Я принялась бродить по коридору и бесцеремонно заглядывать во все комнаты. Добрая половина обитателей барака пребывала в пьяном состоянии, их трезвые собратья не желали разговаривать, лишь бурчали:
– Тут постоянно жильцы меняются, за всеми не углядишь.
В конце концов я устала и захотела пить. Стоит ли упоминать о том, что нигде мне не предложили чаю и не пригласили сесть? Плохо воспитанные, злые люди держали незваную гостью на пороге, торопясь вытолкать ее в коридор.
И только слегка пьяноватая бабка из пятнадцатой комнаты проявила милосердие.
– Да ты садися, – она пододвинула мне колченогую табуретку, – передохни.
Я мужественно вытерпела запах перегара и повторила прежний вопрос:
– Значит, новые жильцы не въезжали? Никаких женщин по имени Вера?
– И, милая, – всхлипнула бабка, потом она уцепила со стола эмалированную кружку и принялась жадными глотками пить воду, – тут разве всех упомнишь? Один помер, другая мужика убила, третья повесилася… Сама зачем сюда заявилась?
– Комнатку хотела купить, – соврала я, – вторую.
– Ты чего, – выпучила блеклые глаза старуха, – с горы упала? Хуже места, чем наш барак, во всем свете не сыскать, чисто ад на земле, беги отсюдова, пока жива, здеся людя, как мухи, мрут! Бац и нетути…
По щекам бабки потекли мутные слезы. Старуха пошарила на подоконнике, выудила из-за грязно-серой тряпки, заменявшей занавеску, початую бутылку с наклейкой «Водка Комсомольская» и спросила:
– Глотнешь со мной?
Я помотала головой.
– Брезговаешь? – надулась бабка. – Так у меня тут заразы нету.
Не желая обижать приветливую бабуську, искренне предлагавшую «угощение», я поспешила соврать:
– Язва вчера открылась.
– А-а-а, – протянула пьянчужка, – тогда ясно, здоровье беречь надо, его не купить ни за какие денежки, правильно, девка, молодец.
Сделав прямо из горлышка пару глотков, старуха совсем повеселела.
– Эх, слышь, я все про вторую комнату расскажу!

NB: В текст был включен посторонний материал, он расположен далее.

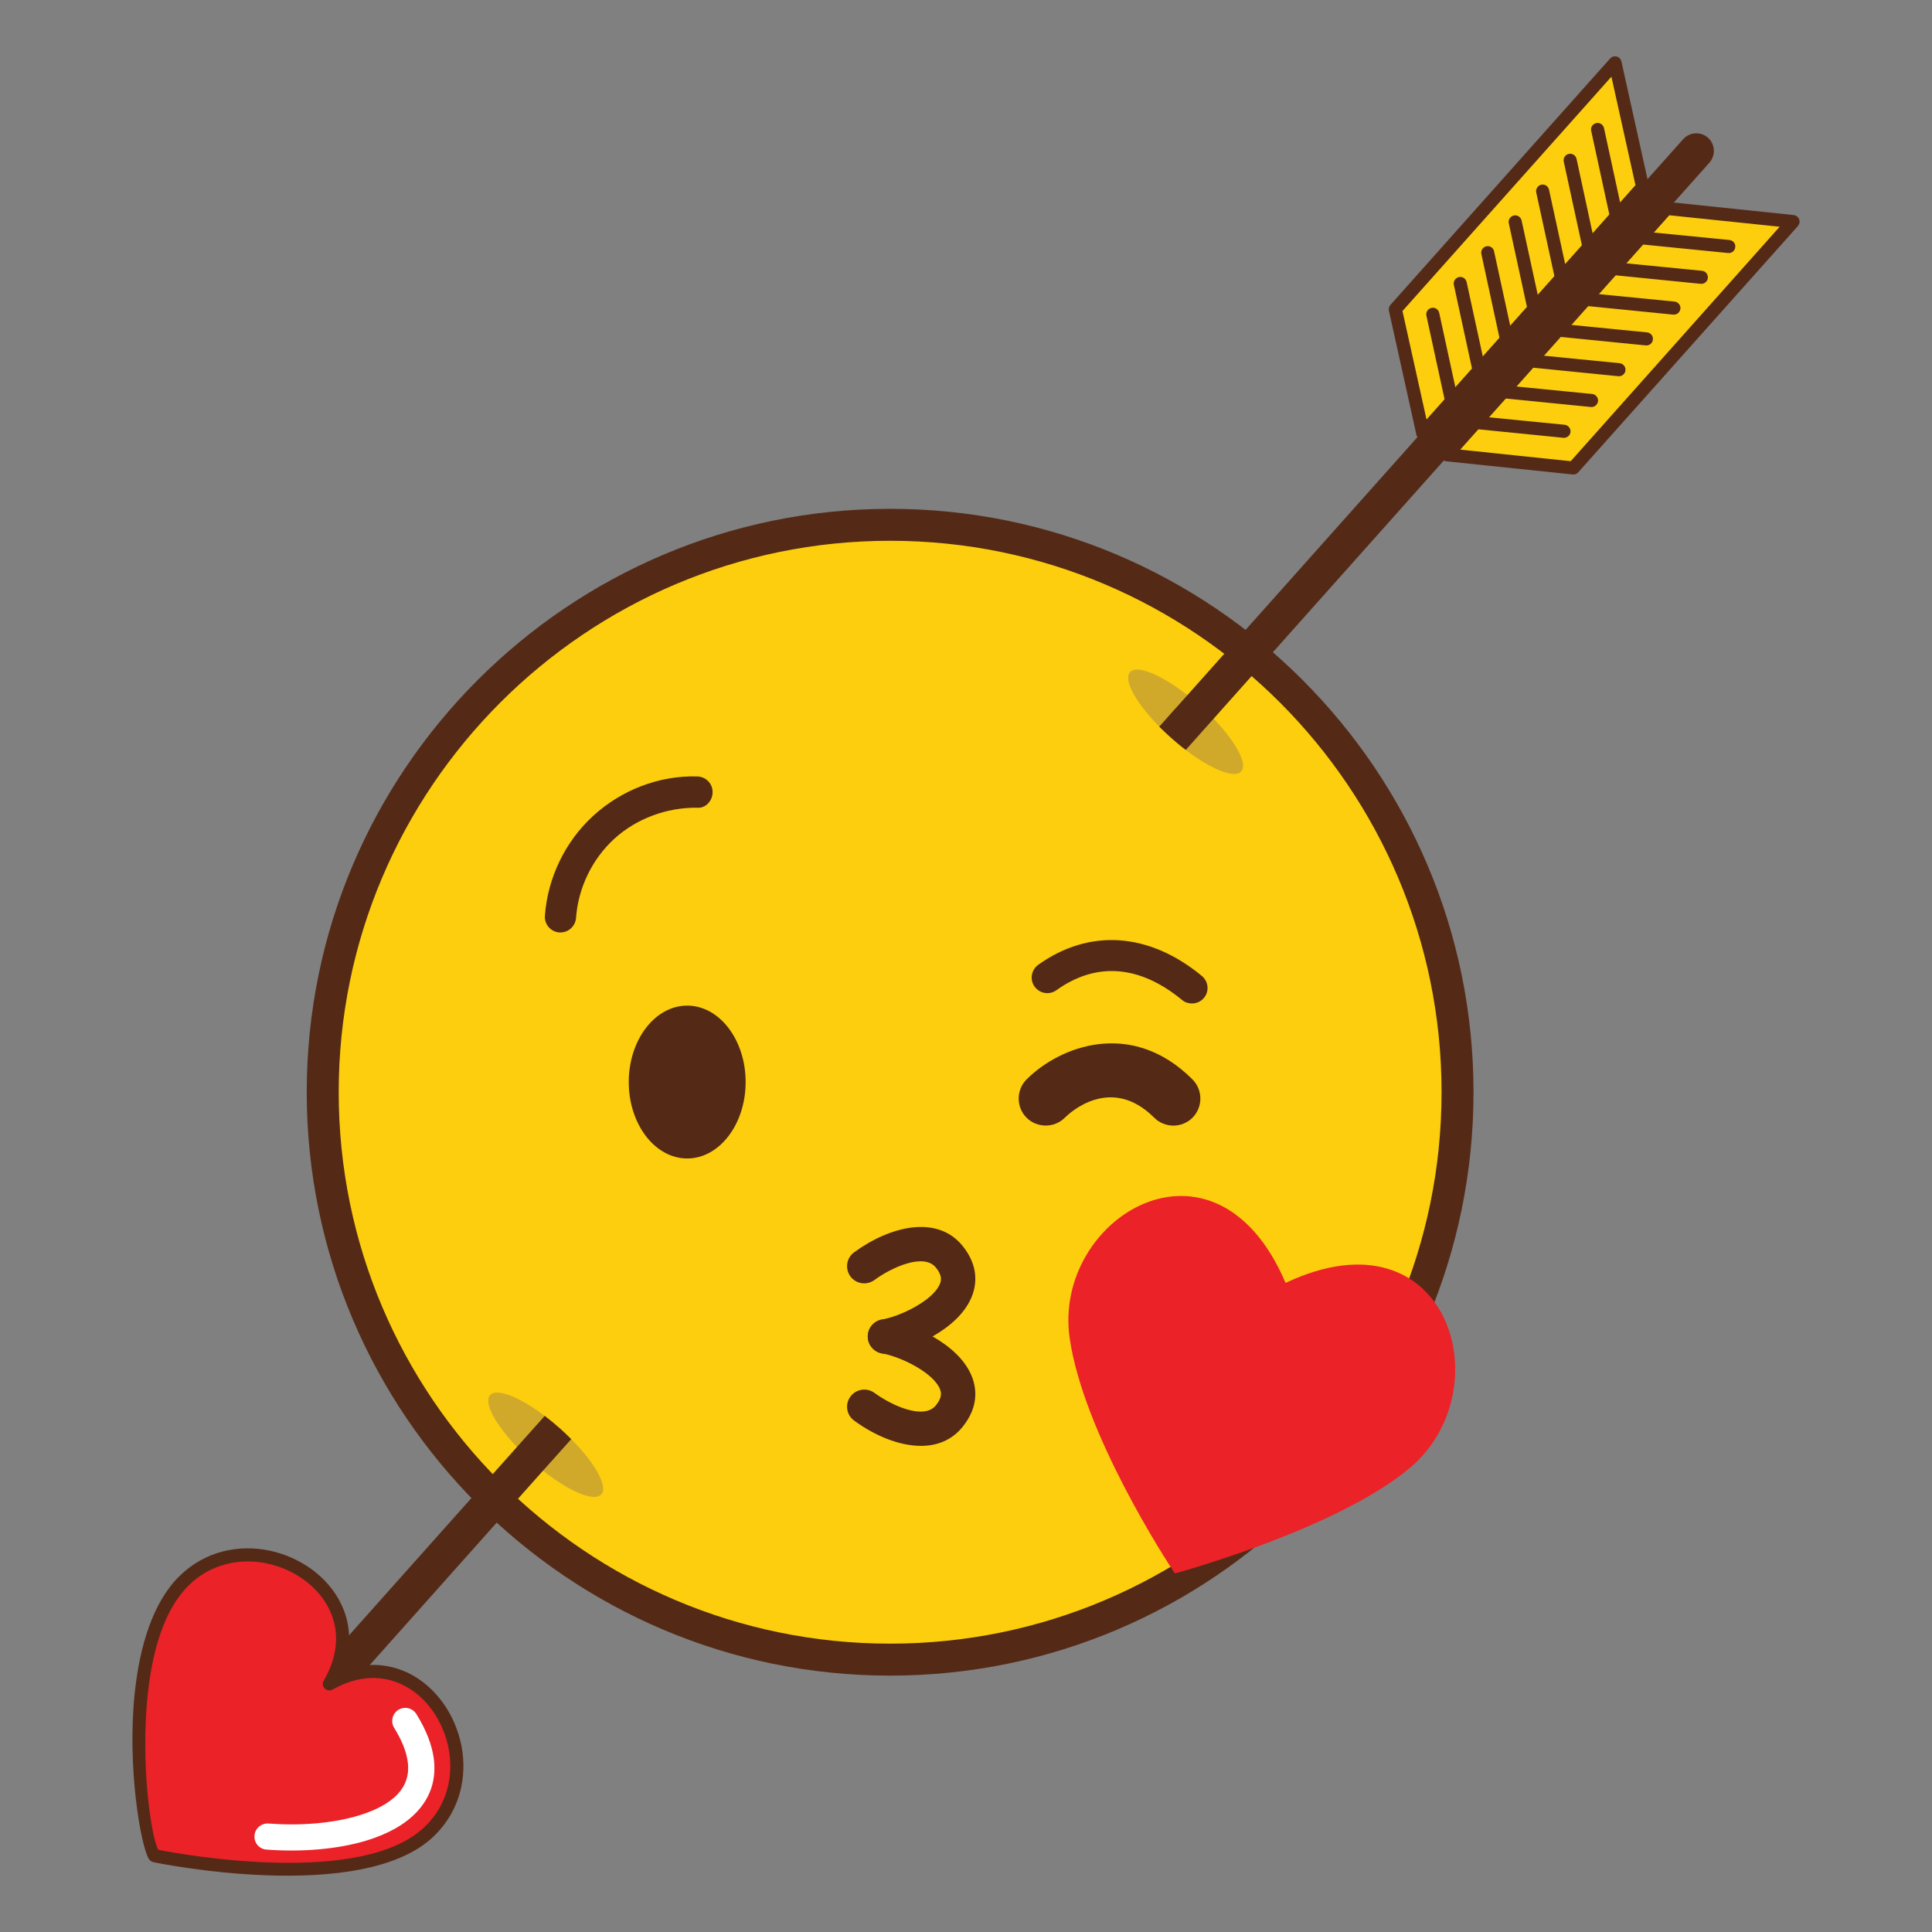 <?xml version="1.0" encoding="utf-8"?>
<!-- Generator: Adobe Illustrator 16.0.3, SVG Export Plug-In . SVG Version: 6.00 Build 0)  -->
<!DOCTYPE svg PUBLIC "-//W3C//DTD SVG 1.1//EN" "http://www.w3.org/Graphics/SVG/1.1/DTD/svg11.dtd">
<svg version="1.1" id="katman_1" xmlns="http://www.w3.org/2000/svg" xmlns:xlink="http://www.w3.org/1999/xlink" x="0px" y="0px"
	 width="283.461px" height="283.46px" viewBox="0 0 283.461 283.46" enable-background="new 0 0 283.461 283.46"
	 xml:space="preserve">
<rect x="0" y="0" width="283.461" height="283.46" fill="#808080" stroke="none"/>
<g>
	<g>
		<path fill-rule="evenodd" clip-rule="evenodd" fill="#FCCE0D" d="M213.85,160.24c0,45.994-37.27,83.26-83.242,83.26
			c-45.977,0-83.26-37.266-83.26-83.26c0-45.973,37.283-83.241,83.26-83.241C176.58,76.999,213.85,114.268,213.85,160.24
			L213.85,160.24z"/>
		<path fill="#542A17" d="M130.607,245.846c-47.203,0-85.605-38.401-85.605-85.605c0-47.192,38.402-85.587,85.605-85.587
			c47.191,0,85.586,38.395,85.586,85.587C216.193,207.444,177.799,245.846,130.607,245.846z M130.607,79.343
			c-44.617,0-80.914,36.291-80.914,80.897c0,44.617,36.297,80.916,80.914,80.916c44.607,0,80.898-36.299,80.898-80.916
			C211.506,115.634,175.215,79.343,130.607,79.343z"/>
	</g>
	<path fill-rule="evenodd" clip-rule="evenodd" fill="#D0A92B" d="M88.228,219.244c-1.171,1.319-5.772-0.892-10.274-4.896
		c-4.501-4.024-7.205-8.346-6.053-9.649c1.172-1.318,5.773,0.891,10.275,4.898C86.693,213.62,89.398,217.94,88.228,219.244
		L88.228,219.244z"/>
	<path fill-rule="evenodd" clip-rule="evenodd" fill="#542A17" d="M83.477,211.526l-3.81,4.255l-31.842,35.718l-3.858-3.446
		l31.877-35.751l3.775-4.222l0.297-0.346c0.742,0.577,1.5,1.186,2.26,1.862c0.577,0.511,1.121,1.04,1.632,1.551L83.477,211.526z"/>
	<path fill-rule="evenodd" clip-rule="evenodd" fill="#EB2228" d="M63.078,268.633c-10.125,9.961-40.399,3.645-40.399,3.645
		c-1.767-1.798-5.822-30.377,4.32-40.336c10.14-9.977,29.468,1.27,21.321,15.121C62.237,239.181,73.221,258.671,63.078,268.633
		L63.078,268.633z"/>
	<path fill="#542A17" d="M63.756,269.31c-10.504,10.338-41.176,3.924-41.26,3.907c-0.197-0.051-0.361-0.149-0.494-0.28l0,0
		c-0.033-0.017-0.051-0.035-0.066-0.066c-0.033-0.049-0.066-0.083-0.1-0.132c-1.219-2.012-3.215-13.637-2.061-24.438
		c0.727-6.713,2.607-13.177,6.547-17.051c3.775-3.712,8.724-4.685,13.225-3.745c2.277,0.479,4.436,1.452,6.249,2.788
		c1.849,1.368,3.349,3.115,4.306,5.144c1.318,2.806,1.582,6.103,0.247,9.631c3.528-1.269,6.827-0.939,9.597,0.413
		c2.012,0.989,3.744,2.538,5.08,4.401c1.318,1.848,2.243,4.024,2.688,6.3C68.57,260.684,67.515,265.615,63.756,269.31L63.756,269.31
		z M23.221,271.402c3.396,0.66,30.031,5.542,39.183-3.463c3.265-3.199,4.172-7.485,3.413-11.395
		c-0.38-2.011-1.203-3.925-2.358-5.558c-1.153-1.617-2.638-2.935-4.354-3.775c-2.887-1.419-6.463-1.501-10.322,0.692v-0.018
		c-0.279,0.166-0.643,0.184-0.956,0c-0.444-0.264-0.609-0.856-0.331-1.302c2.243-3.842,2.243-7.42,0.875-10.34
		c-0.807-1.715-2.109-3.231-3.709-4.401c-1.602-1.188-3.496-2.029-5.51-2.457c-3.907-0.809-8.211,0.016-11.477,3.231
		c-3.576,3.529-5.311,9.563-5.986,15.879C20.583,258.786,22.182,269.571,23.221,271.402L23.221,271.402z"/>
	<path fill="#FFFFFF" d="M57.834,253.512c-0.56-0.909-0.279-2.094,0.628-2.655c0.907-0.545,2.077-0.264,2.64,0.643
		c1.432,2.324,2.242,4.438,2.521,6.366c0.463,3.215-0.496,5.837-2.408,7.913c-1.779,1.93-4.387,3.332-7.42,4.257l0,0
		c-4.338,1.318-9.662,1.714-14.693,1.335c-1.055-0.065-1.846-0.988-1.764-2.045c0.066-1.057,0.99-1.848,2.046-1.781
		c4.583,0.346,9.397,0,13.291-1.188l0,0l0,0c2.423-0.741,4.437-1.782,5.722-3.182c1.137-1.238,1.699-2.804,1.416-4.75
		C59.615,256.99,58.972,255.357,57.834,253.512L57.834,253.512z"/>
	<path fill-rule="evenodd" clip-rule="evenodd" fill="#D0A92B" d="M182.106,113.179c-1.155,1.302-5.755-0.892-10.272-4.915
		c-4.503-4.007-7.207-8.327-6.036-9.646c1.153-1.303,5.755,0.89,10.272,4.914C180.572,107.555,183.275,111.875,182.106,113.179
		L182.106,113.179z"/>
	<path fill-rule="evenodd" clip-rule="evenodd" fill="#542A17" d="M250.805,23.866l-73.844,82.814l-0.94,1.056l-2.044,2.292
		c-0.709-0.527-1.418-1.121-2.143-1.765c-0.611-0.544-1.203-1.105-1.75-1.649l2.061-2.325l0.959-1.056l73.845-82.813
		c0.938-1.056,2.587-1.155,3.642-0.215l0,0C251.662,21.163,251.746,22.795,250.805,23.866L250.805,23.866z"/>
	<path fill-rule="evenodd" clip-rule="evenodd" fill="#FCCE0D" d="M236.951,9.223L204.714,45.37l4.04,18.205l32.238-36.146
		L236.951,9.223z M263.074,32.507l-32.238,36.147l-18.553-1.93l32.238-36.146L263.074,32.507z"/>
	<path fill="#542A17" d="M236.424,11.253L205.77,45.634l3.528,15.913l30.657-34.381L236.424,11.253z M204.006,44.728l32.203-36.115
		c0.133-0.164,0.314-0.278,0.53-0.329c0.527-0.114,1.038,0.214,1.153,0.726l4.039,18.223l0,0c0.068,0.279-0.018,0.594-0.213,0.841
		l-32.223,36.113c-0.131,0.165-0.314,0.28-0.527,0.33c-0.527,0.114-1.038-0.215-1.154-0.727l-4.039-18.221l0,0
		C203.725,45.287,203.791,44.975,204.006,44.728L204.006,44.728z M263.799,33.151l-32.24,36.146
		c-0.229,0.263-0.56,0.362-0.873,0.312l-18.504-1.928c-0.524-0.05-0.904-0.528-0.854-1.056c0.031-0.214,0.114-0.396,0.246-0.544l0,0
		l32.224-36.146c0.229-0.247,0.576-0.364,0.89-0.313l18.484,1.93c0.527,0.064,0.906,0.525,0.855,1.055
		c-0.013,0.214-0.113,0.396-0.244,0.545H263.799z M230.455,67.665l30.656-34.398l-16.193-1.683l-30.672,34.384L230.455,67.665z"/>
	<path fill="#542A17" d="M233.459,19.2c-0.117-0.512,0.212-1.023,0.739-1.139c0.511-0.115,1.022,0.215,1.138,0.726l2.672,12.318
		c0.099,0.511-0.214,1.023-0.741,1.138c-0.511,0.117-1.022-0.215-1.139-0.741L233.459,19.2z M253.739,35.211
		c0.528,0.051,0.923,0.529,0.858,1.058c-0.051,0.526-0.512,0.905-1.039,0.856l-12.533-1.253c-0.527-0.051-0.904-0.529-0.855-1.055
		c0.049-0.512,0.527-0.908,1.053-0.842L253.739,35.211z M249.717,39.73c0.525,0.05,0.906,0.527,0.857,1.056
		c-0.049,0.527-0.527,0.906-1.055,0.857l-12.517-1.254c-0.527-0.05-0.905-0.527-0.858-1.037c0.051-0.529,0.528-0.926,1.056-0.858
		L249.717,39.73z M245.692,44.248c0.528,0.05,0.905,0.528,0.858,1.056c-0.066,0.528-0.527,0.907-1.057,0.858l-12.533-1.253
		c-0.527-0.05-0.904-0.528-0.855-1.04c0.064-0.527,0.527-0.924,1.055-0.858L245.692,44.248z M241.65,48.767
		c0.527,0.05,0.925,0.528,0.859,1.056c-0.049,0.528-0.51,0.907-1.039,0.857l-12.532-1.253c-0.527-0.05-0.907-0.511-0.858-1.038
		c0.051-0.529,0.527-0.925,1.056-0.858L241.65,48.767z M237.629,53.285c0.527,0.067,0.907,0.528,0.857,1.055
		c-0.049,0.528-0.527,0.909-1.055,0.858l-12.516-1.254c-0.529-0.049-0.924-0.51-0.859-1.038c0.052-0.527,0.513-0.923,1.039-0.856
		L237.629,53.285z M233.605,57.804c0.527,0.065,0.905,0.528,0.856,1.055c-0.065,0.527-0.526,0.908-1.056,0.857l-12.532-1.253
		c-0.527-0.049-0.906-0.511-0.856-1.038c0.064-0.527,0.527-0.907,1.055-0.857L233.605,57.804z M229.434,23.718
		c-0.115-0.511,0.212-1.021,0.727-1.138c0.525-0.115,1.037,0.215,1.152,0.742l2.654,12.302c0.115,0.512-0.212,1.023-0.725,1.138
		c-0.525,0.117-1.038-0.215-1.137-0.74L229.434,23.718z M225.395,28.236c-0.102-0.512,0.23-1.021,0.742-1.139
		c0.51-0.114,1.021,0.215,1.136,0.743l2.672,12.303c0.116,0.511-0.212,1.021-0.742,1.137c-0.511,0.116-1.022-0.214-1.138-0.743
		L225.395,28.236z M221.369,32.756c-0.115-0.513,0.215-1.022,0.742-1.14c0.511-0.114,1.021,0.215,1.139,0.744l2.672,12.301
		c0.098,0.512-0.234,1.022-0.744,1.139c-0.511,0.114-1.023-0.215-1.139-0.742L221.369,32.756z M217.346,37.272
		c-0.114-0.511,0.215-1.021,0.727-1.137c0.527-0.114,1.037,0.215,1.136,0.743l2.672,12.301c0.116,0.511-0.212,1.021-0.725,1.138
		c-0.526,0.115-1.038-0.214-1.153-0.742L217.346,37.272z M213.307,41.793c-0.103-0.513,0.229-1.023,0.74-1.139
		c0.514-0.117,1.023,0.213,1.139,0.742l2.672,12.301c0.115,0.512-0.215,1.022-0.742,1.139c-0.512,0.114-1.022-0.214-1.139-0.742
		L213.307,41.793z M209.281,46.311c-0.115-0.511,0.215-1.023,0.744-1.138c0.51-0.115,1.022,0.214,1.137,0.741l2.671,12.302
		c0.099,0.511-0.232,1.023-0.741,1.138c-0.511,0.115-1.021-0.214-1.139-0.742L209.281,46.311z M229.564,62.322
		c0.529,0.065,0.91,0.527,0.857,1.055c-0.049,0.527-0.527,0.908-1.055,0.857l-12.516-1.253c-0.529-0.049-0.908-0.511-0.856-1.039
		c0.049-0.526,0.524-0.905,1.055-0.856L229.564,62.322z"/>
	<path fill-rule="evenodd" clip-rule="evenodd" fill="#542A17" d="M129.832,198.615c-1.188,0-2.261-0.874-2.473-2.096
		c-0.248-1.368,0.676-2.67,2.044-2.919c2.786-0.493,7.603-2.852,8.524-5.293c0.199-0.527,0.281-1.22-0.609-2.324
		c-1.764-2.193-6.48-0.051-9.035,1.829c-1.125,0.81-2.69,0.577-3.514-0.542c-0.824-1.139-0.579-2.705,0.543-3.531
		c5.229-3.824,12.186-5.59,15.947-0.906c2.31,2.886,2.026,5.524,1.385,7.239c-1.912,5.096-9.153,7.915-12.366,8.493L129.832,198.615
		z"/>
	<path fill-rule="evenodd" clip-rule="evenodd" fill="#542A17" d="M135.125,212.137c-3.216,0-6.795-1.5-9.813-3.711
		c-1.122-0.824-1.367-2.392-0.543-3.513c0.823-1.12,2.389-1.367,3.514-0.559c2.571,1.88,7.287,4.022,9.035,1.829
		c0.891-1.104,0.809-1.797,0.609-2.325c-0.922-2.44-5.738-4.799-8.524-5.293c-1.368-0.248-2.292-1.551-2.044-2.92
		c0.247-1.368,1.549-2.292,2.919-2.045c3.213,0.578,10.454,3.397,12.366,8.494c0.642,1.715,0.925,4.354-1.4,7.239
		C139.658,211.312,137.484,212.137,135.125,212.137L135.125,212.137z"/>
	<path fill-rule="evenodd" clip-rule="evenodd" fill="#542A17" d="M153.428,165.139c-1.021,0-2.043-0.378-2.816-1.154
		c-1.536-1.548-1.536-4.073,0.015-5.623c4.882-4.881,15.4-8.921,24.323,0c1.55,1.55,1.55,4.075,0.017,5.623
		c-1.55,1.55-4.073,1.55-5.624,0c-6.381-6.364-12.434-0.675-13.111,0C155.456,164.761,154.453,165.139,153.428,165.139
		L153.428,165.139z"/>
	<path fill-rule="evenodd" clip-rule="evenodd" fill="#542A17" d="M109.4,158.758c0,6.184-3.843,11.213-8.576,11.213
		c-4.732,0-8.574-5.029-8.574-11.213s3.842-11.215,8.574-11.215C105.558,147.543,109.4,152.574,109.4,158.758L109.4,158.758z"/>
	<path fill-rule="evenodd" clip-rule="evenodd" fill="#EB2228" d="M188.619,188.225c23.846-11.229,31.91,15.634,18.238,27.145
		c-10.767,9.053-34.48,15.483-34.48,15.483c-1.287-1.912-13.423-20.596-15.435-34.515
		C154.387,178.645,178.279,163.984,188.619,188.225L188.619,188.225z"/>
	<path fill-rule="evenodd" clip-rule="evenodd" fill="#542A17" d="M82.223,136.809h-0.165c-1.252-0.099-2.208-1.188-2.109-2.457
		c0.396-5.558,2.987-10.917,7.108-14.677c4.123-3.759,9.629-5.919,15.253-5.755c1.27,0.033,2.272,1.071,2.243,2.344
		c-0.018,1.252-1.055,2.39-2.324,2.241c-4.404-0.034-8.826,1.583-12.09,4.55c-3.265,2.986-5.309,7.225-5.624,11.628
		C84.417,135.887,83.411,136.809,82.223,136.809L82.223,136.809z"/>
	<path fill-rule="evenodd" clip-rule="evenodd" fill="#542A17" d="M174.883,147.23c-0.512,0-1.039-0.166-1.449-0.511
		c-6.219-5.129-12.6-5.624-18.438-1.436c-1.038,0.742-2.457,0.496-3.201-0.527c-0.74-1.023-0.492-2.456,0.529-3.199
		c7.502-5.359,16.258-4.766,24.01,1.633c0.974,0.809,1.121,2.243,0.314,3.215C176.187,146.95,175.543,147.23,174.883,147.23
		L174.883,147.23z"/>
</g>
</svg>

Уставшая от беготни по городу, я тупо сидела на жесткой табуретке, не особо следя за путаной речью бабки.
– Сначала там Ванька жил, его здеся гнидой прозвали…
Следовало встать, попрощаться и идти назад, к метро, но стоило вспомнить бесконечный путь к автобусной остановке, как вся моя решимость пропадала.
– Машка Кольке башку сковородником проломила, – журчала бабка, не забывая прикладываться к бутылке, – ен не помер, идиотом стал, отправили в дурку, а Машке срок дали, и правильно…
Я собрала всю волю в кулак и поднялась.
– Ты куда? – насторожилась бабка.
– Пора мне, уже поздно, пока до дома доеду!
– Я только ищо про трех первых хозяев рассказала, – возмутилась старуха, – ладно, давай о Леньке, о последнем!
Но я решительно шагнула за порог, великолепно понимая, что ничего интересного не услышу.
Быстрым шагом я двинулась через пустырь, обратный путь оказался длинней, к тому же я совершенно не узнавала дорогу. Сначала возникли мусорные баки, потом какие-то покосившиеся халабуды, запертые на висячие замки. Из-за дверей доносилось кудахтанье. Жители бараков, тратившие все заработки на алкоголь, вели натуральное хозяйство, они держали кур и даже пытались вырастить немудреные овощи, я чуть было не наступила на грядку.